An example: In 2012, the Patricia Kind Foundation made a multi-year, zero-interest $37,000 loan towards Depaul House USA, a national transitional housing nonprofit for the homeless with a branch in Germantown. The loan, structured to demand increasing repayments over the course of its 10-year lifespan, helped Depaul launch Immaculate Cleaning Services (ICS), a for-profit business that employs Depaul residents.

Three years later, ICS has already paid back nearly three-fifths of their loan.

“Potentially they could still owe us another $15,000 if they belly up now,” said McKenna. But if they do? McKenna personally chooses to perceive it as a grant. “But right now that grant is down to $15,000. In the meantime, the social return has been those employments, even if they’re just hourly wage. They taught [tenants] to show up on time to do a job.”

ICS generates a little under $1,000 in unrestricted funds for Depaul every month. It might not sound like much, but McKenna said it keeps the lights on. That’s the kind of impact should not be underestimated.

“After they pay their employees, after they pay back their loans, they are still donating money to the nonprofit. That is a lot of money,” McKenna emoted. “I know what $1,000 a month means to their bottom line. Hopefully that company will grow and put in $10,000 a month. I hope it does go to scale. Right now they’re figuring it out.”
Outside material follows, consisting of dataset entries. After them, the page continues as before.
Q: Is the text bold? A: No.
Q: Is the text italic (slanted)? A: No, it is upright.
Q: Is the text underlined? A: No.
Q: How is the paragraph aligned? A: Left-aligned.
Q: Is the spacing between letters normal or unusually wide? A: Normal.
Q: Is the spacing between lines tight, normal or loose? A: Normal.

Why aren’t other foundations taking these risks — or, as many as the Kind Foundation is? McKenna has a saying: Everyone says it’s a not a sprint, it’s a marathon. But everyone is too concerned about training for the marathon and not actually running it.
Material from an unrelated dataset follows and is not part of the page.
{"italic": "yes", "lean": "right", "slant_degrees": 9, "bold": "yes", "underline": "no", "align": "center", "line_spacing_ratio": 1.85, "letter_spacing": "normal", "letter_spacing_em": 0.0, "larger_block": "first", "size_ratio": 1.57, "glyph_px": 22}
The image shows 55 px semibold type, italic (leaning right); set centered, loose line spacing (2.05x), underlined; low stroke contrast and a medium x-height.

The most detrimental failure a foundation can make, she said, is choosing to remain inactive with their corpus.

“Laura has been a passionate and vocal advocate for mission-aligned investing at foundations, pushing us to not just make grants but also make investments that benefit the communities we serve,” said Barra Foundation President Tina Wahl, who has known McKenna since the mid-1980s. “She acted swiftly to change the investment practices at the Patricia Kind Family Foundation and forged a path for other foundations to follow.”

McKenna may like to spend — hence the “aggressive” reputation — but she makes it work for her foundation, and has been a necessary trailblazer in the foundation investment space. Her advice for colleagues looking to join her? Stop vetting vehicles through financial institutions.

“When people say there aren’t enough opportunities out there, they’re only looking at opportunities through financial institutions,” she said. “Look at mission first. Take a risk with a social entrepreneur. If you believe in what they’re selling, why not?”

McKenna finishes the last bite of her poached egg, takes a sip of water to soothe her lasting cough and slides out of the diner booth. Jerome is waiting.